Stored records
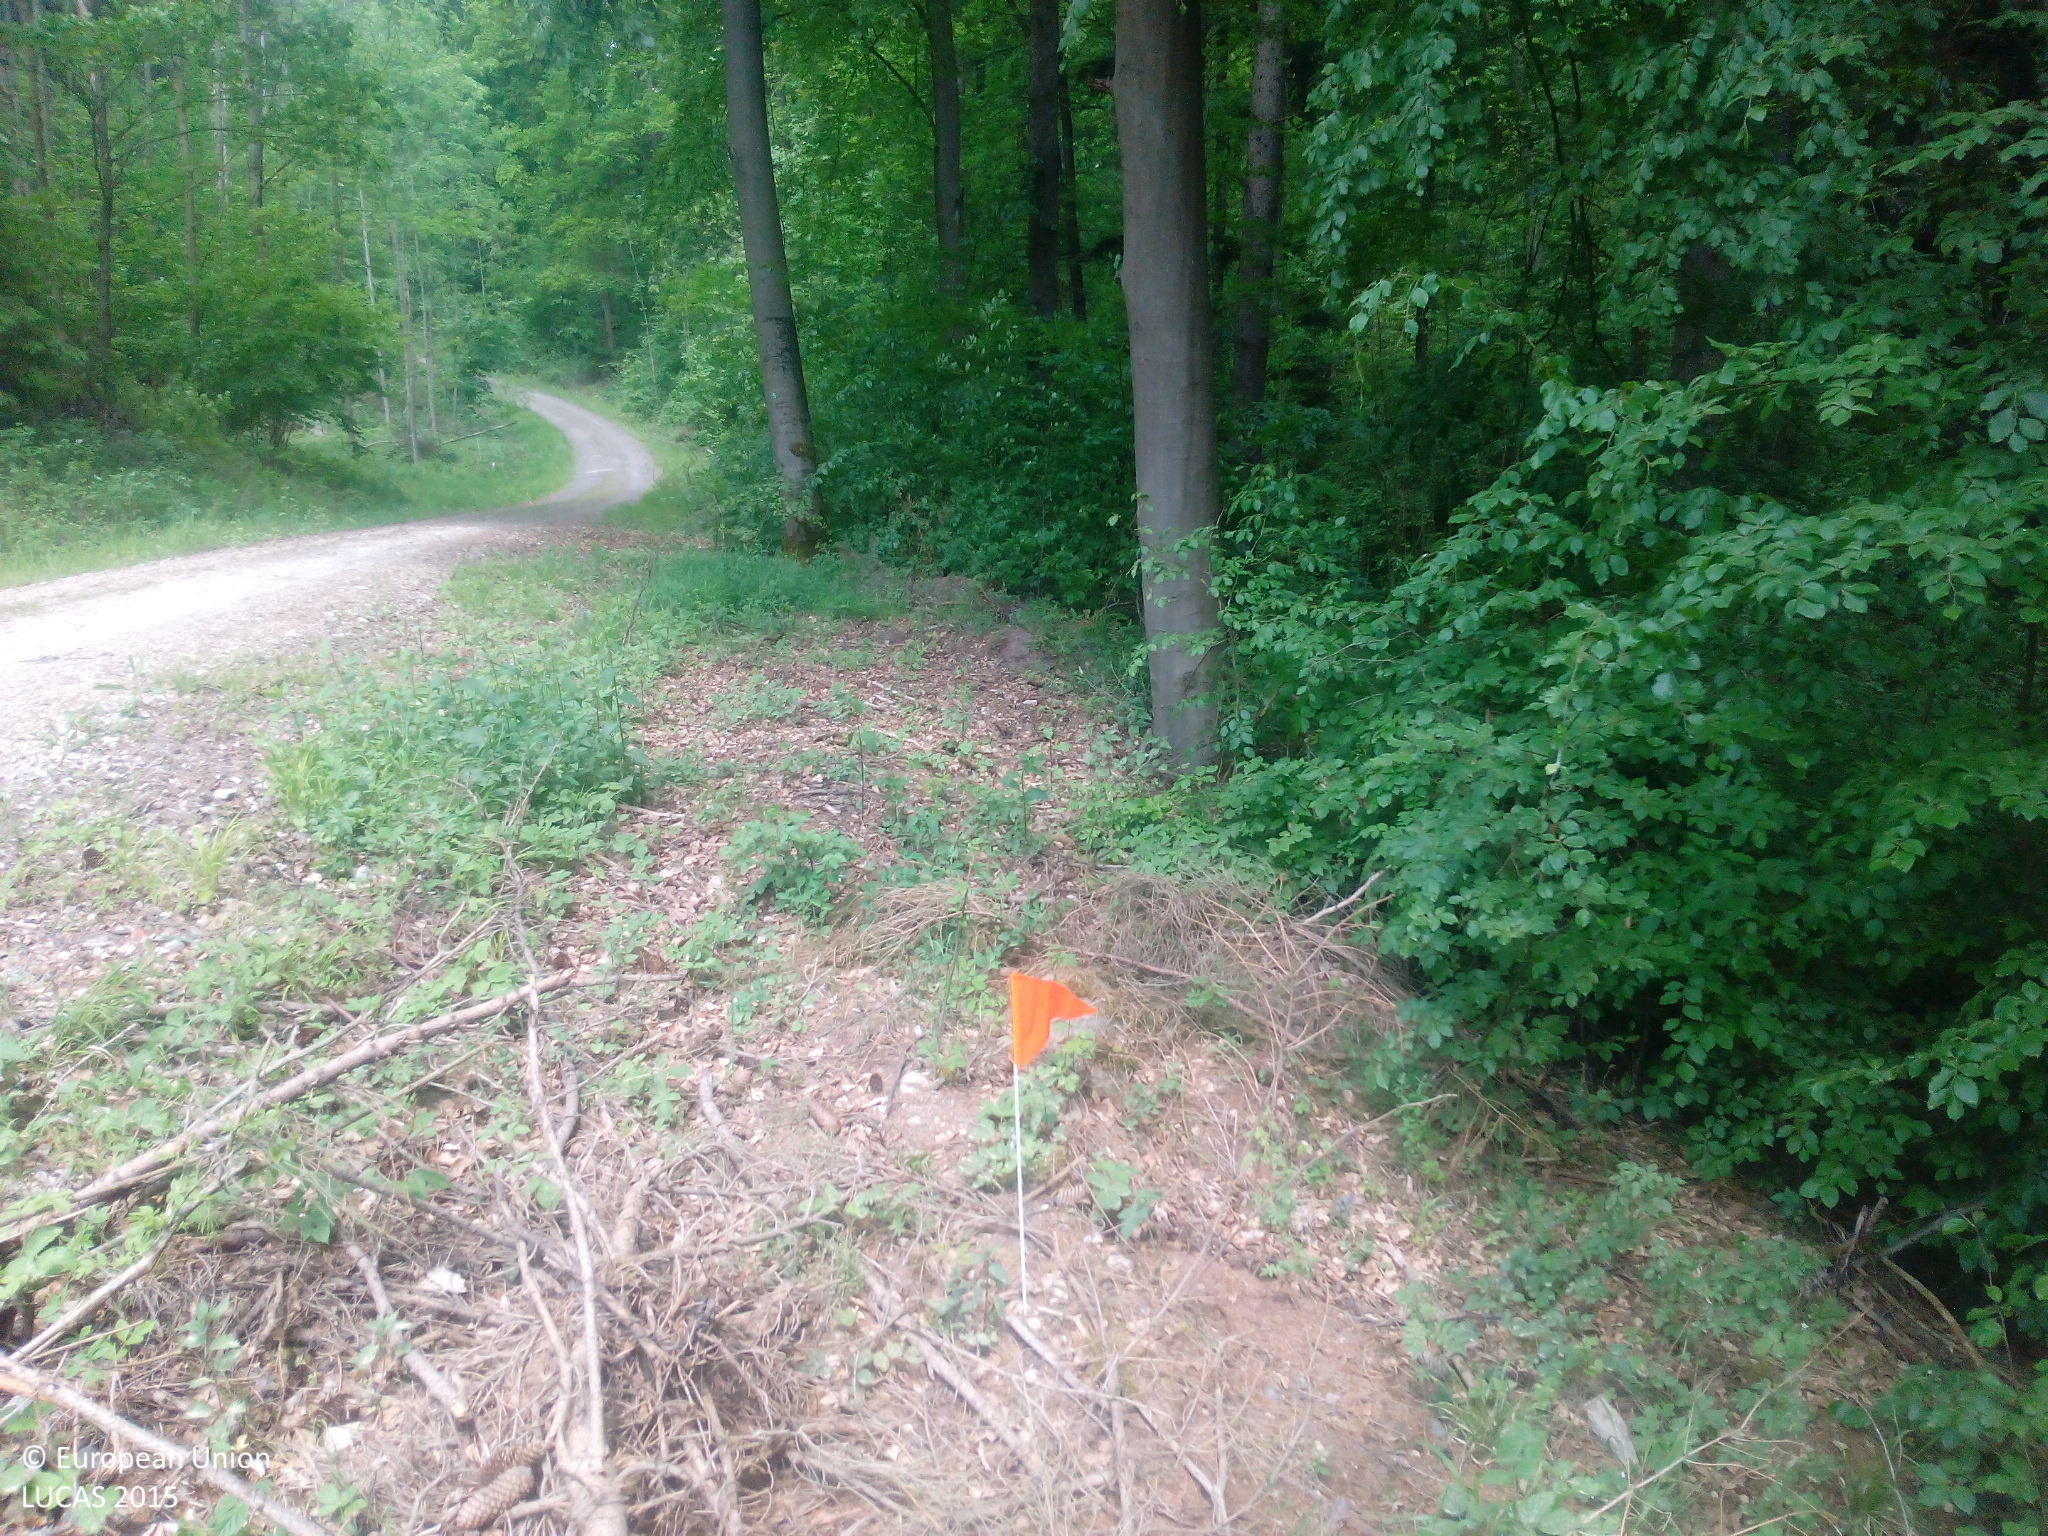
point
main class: Woodland
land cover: Spruce dominated mixed woodland
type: hemiboreal forest and nemoral coniferous forest and mixed broadleaved-coniferous forest
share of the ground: > 75 %
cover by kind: broadleaved forest trees 70 %, coniferous forest trees 30 %
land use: Forestry
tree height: > 5 m
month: May
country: DE
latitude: 50.2163
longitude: 10.9387

■ **Task details**: All of the data gets printed again exactly; the pictures do not.

■ **Response**:
point
main class: Woodland
land cover: Spruce dominated mixed woodland
type: hemiboreal forest and nemoral coniferous forest and mixed broadleaved-coniferous forest
share of the ground: > 75 %
cover by kind: broadleaved forest trees 70 %, coniferous forest trees 30 %
land use: Forestry
tree height: > 5 m
month: May
country: DE
latitude: 50.2163
longitude: 10.9387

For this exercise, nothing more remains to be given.